-- Work item --
Return every line from the listing where the word "farmland" occurs.

□ □ □ □ □

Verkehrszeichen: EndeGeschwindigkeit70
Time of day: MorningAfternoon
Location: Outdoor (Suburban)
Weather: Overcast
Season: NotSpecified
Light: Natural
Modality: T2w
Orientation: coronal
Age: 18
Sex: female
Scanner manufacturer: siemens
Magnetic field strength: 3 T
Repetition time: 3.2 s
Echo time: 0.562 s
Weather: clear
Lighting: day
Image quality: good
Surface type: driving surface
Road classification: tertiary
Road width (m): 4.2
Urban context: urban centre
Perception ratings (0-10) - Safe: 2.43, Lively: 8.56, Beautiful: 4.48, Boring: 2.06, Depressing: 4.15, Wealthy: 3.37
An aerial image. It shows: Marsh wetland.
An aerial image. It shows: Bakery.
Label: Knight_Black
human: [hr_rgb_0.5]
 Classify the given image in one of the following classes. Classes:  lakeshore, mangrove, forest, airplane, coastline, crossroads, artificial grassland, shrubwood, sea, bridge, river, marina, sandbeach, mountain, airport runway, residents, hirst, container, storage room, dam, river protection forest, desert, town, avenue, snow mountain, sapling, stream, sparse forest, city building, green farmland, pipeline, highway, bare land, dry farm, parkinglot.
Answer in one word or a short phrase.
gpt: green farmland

□ □ □ □ □

-- Answer area --
 Classify the given image in one of the following classes. Classes:  lakeshore, mangrove, forest, airplane, coastline, crossroads, artificial grassland, shrubwood, sea, bridge, river, marina, sandbeach, mountain, airport runway, residents, hirst, container, storage room, dam, river protection forest, desert, town, avenue, snow mountain, sapling, stream, sparse forest, city building, green farmland, pipeline, highway, bare land, dry farm, parkinglot.
gpt: green farmland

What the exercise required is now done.